Justice Byron R. White, who dissented from both decisions, said in the New York case that the federal court had “established not just a minority membership goal but also a strict racial quota that the union was required to attain. We have not heretofore approved this kind of racially discriminatory hiring practice, and I would not do so now.”

In the Cleveland case, White said the majority’s acceptance of the deal struck by the city and a group of minority firefighters to make up for past discrimination undermines the law so much that it effectively becomes “a one-way racial street, thus dis-serving the goal of ending racial discrimination in this country.”

The rulings represent a major defeat for the Reagan Administration, which sought to limit on-the-job racial preferences.

The Administration has been in the forefront of the opponents of broad racial preferences, with Reagan advocating a “colorblind society.” The Administration has said quotas should be banned because they injure the innocent, usually white males.

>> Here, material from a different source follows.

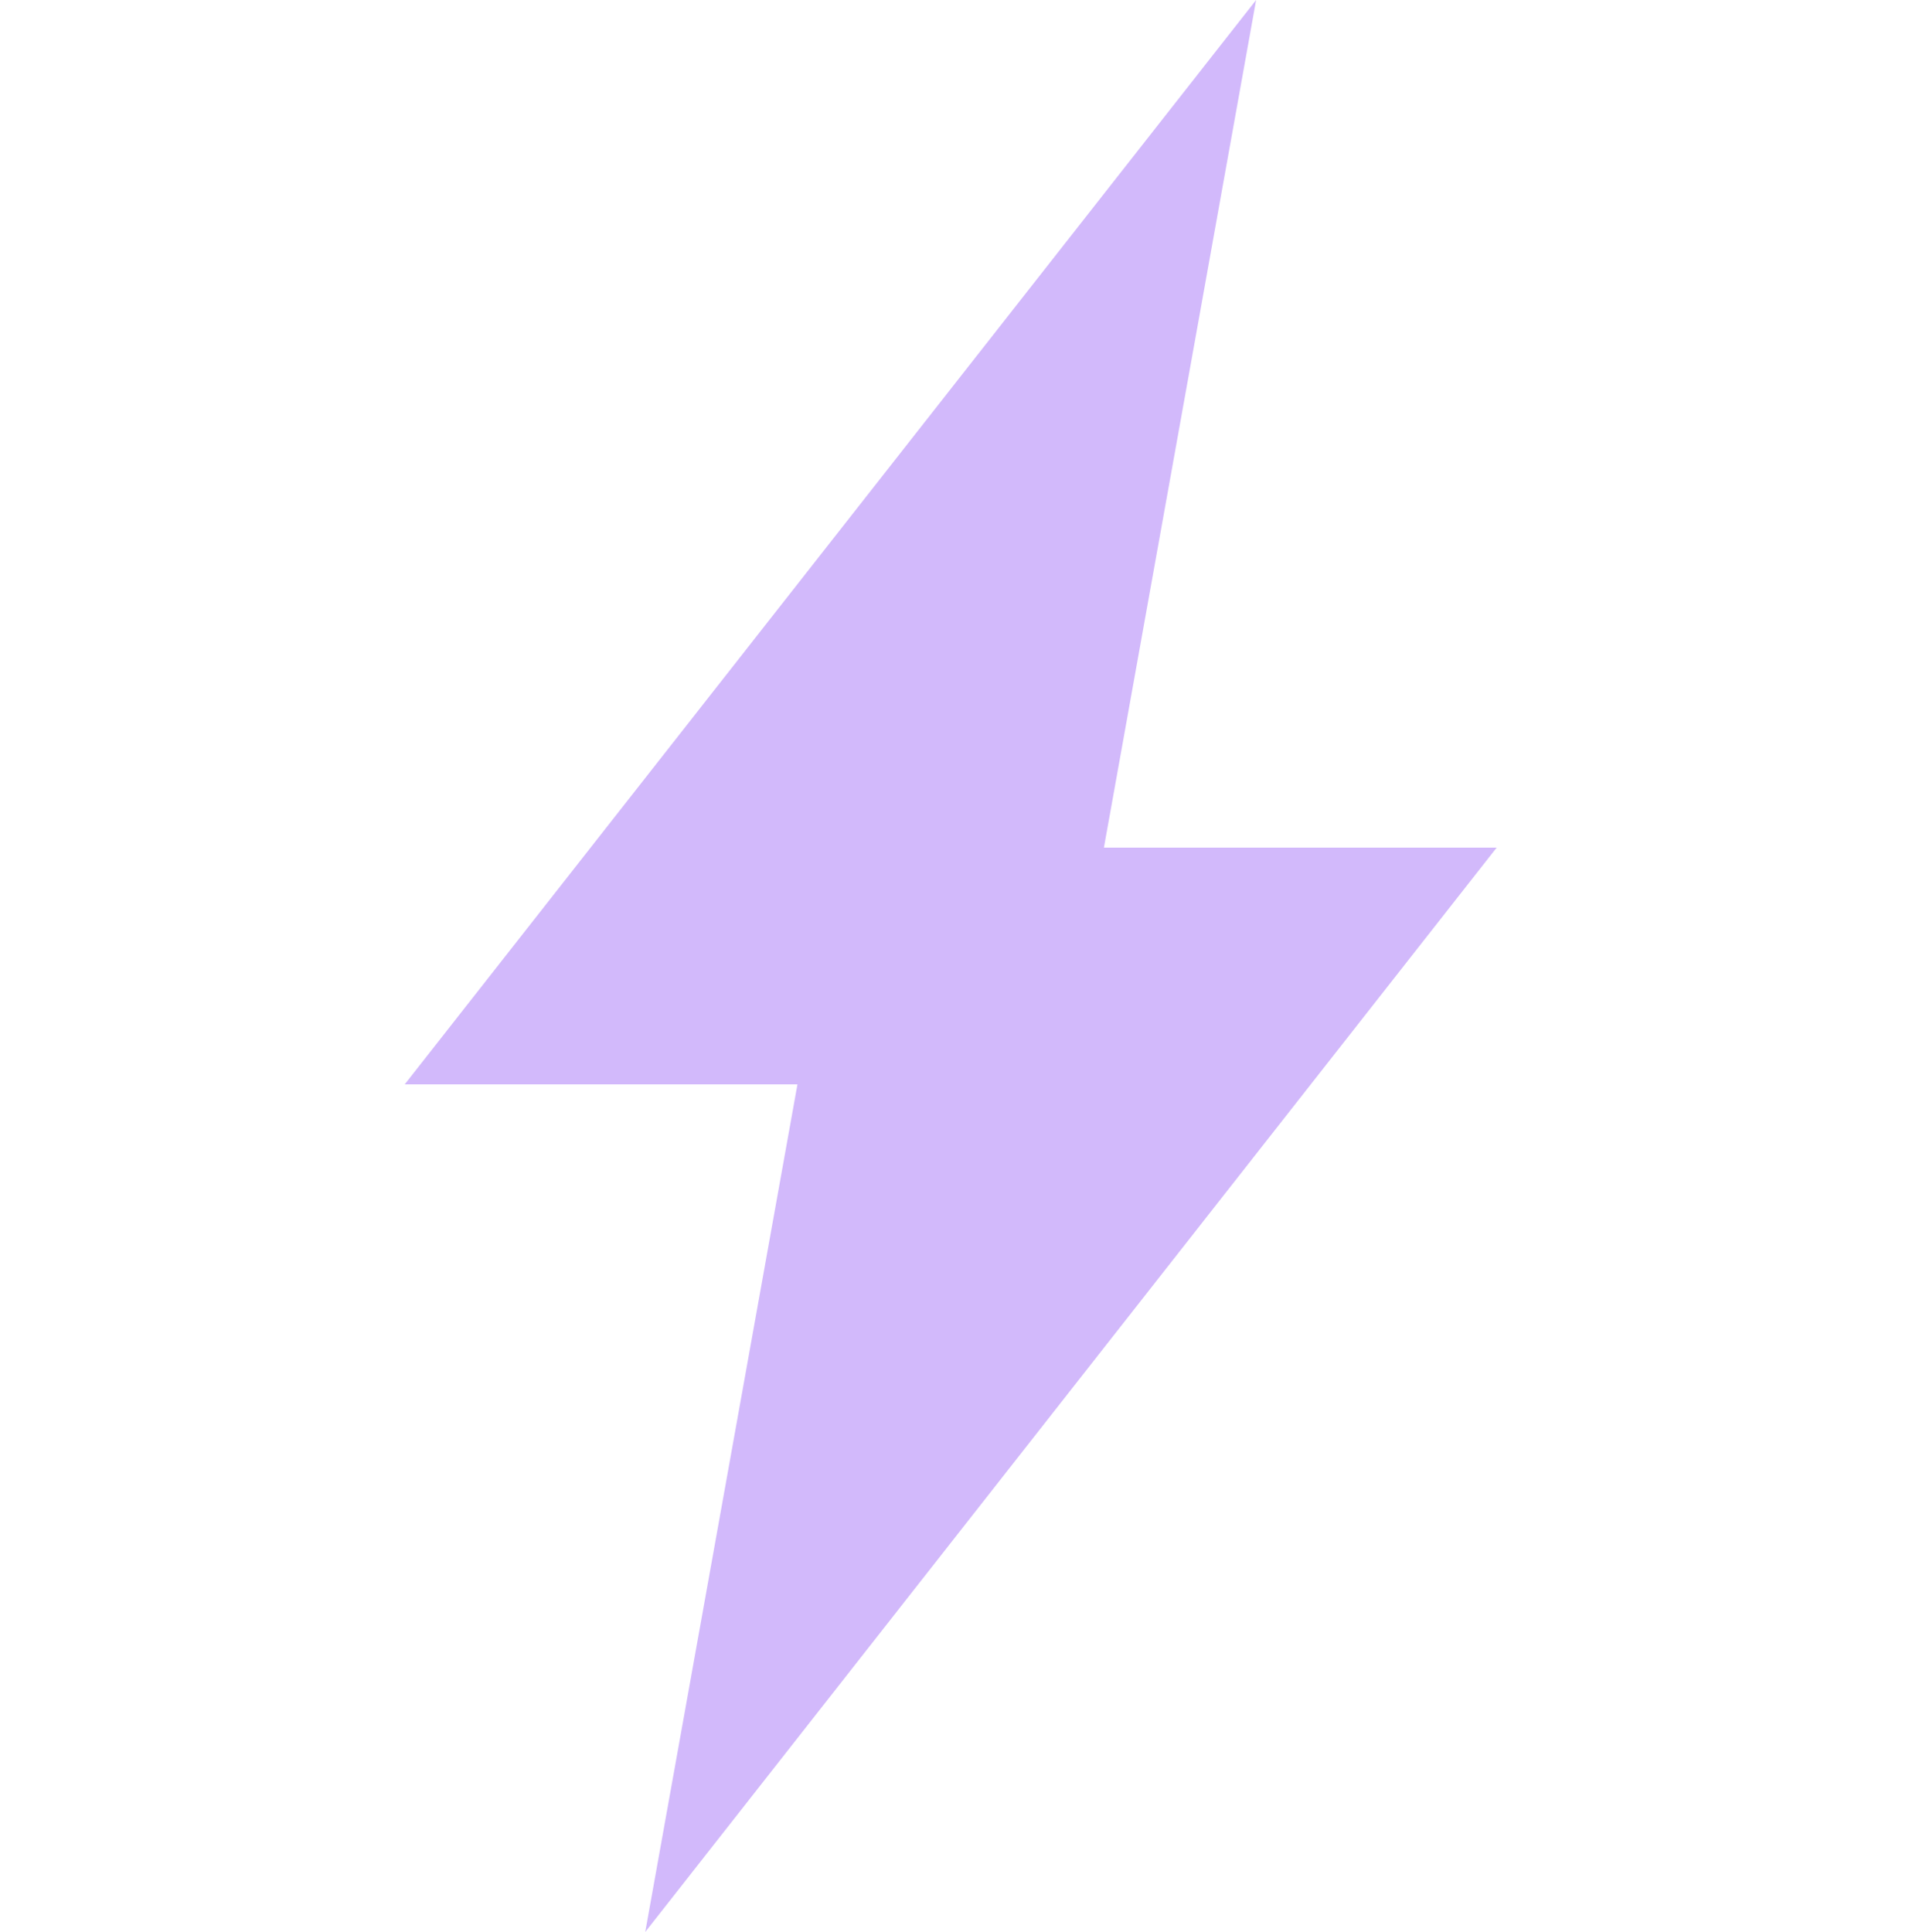 <?xml version="1.0" encoding="UTF-8"?> <svg xmlns="http://www.w3.org/2000/svg" viewBox="0 0 250.00 253.00" data-guides="{&quot;vertical&quot;:[],&quot;horizontal&quot;:[]}"><defs></defs><path fill="#d2b9fb" stroke="none" fill-opacity="1" stroke-width="1" stroke-opacity="1" id="tSvge8a0467e45" title="Path 1" d="M164.5 0C127.333 47.333 90.167 94.667 53 142C70.144 142 87.289 142 104.433 142C97.789 179 91.144 216 84.5 253C121.667 205.667 158.833 158.333 196 111C178.856 111 161.711 111 144.567 111C151.211 74 157.856 37 164.5 0Z"></path></svg>

Civil rights leaders hailed the court’s decision; Ralph Neas, head of the Leadership Conference on Civil Rights, called it a “tremendous victory for civil rights.”

‘Overwhelming Repudiation’

“It is an overwhelming repudiation of the Meese-Reynolds attempts to undermine affirmative action,” he said referring to Atty. Gen. Edwin Meese III and his top assistant for civil rights enforcement, William Bradford Reynolds.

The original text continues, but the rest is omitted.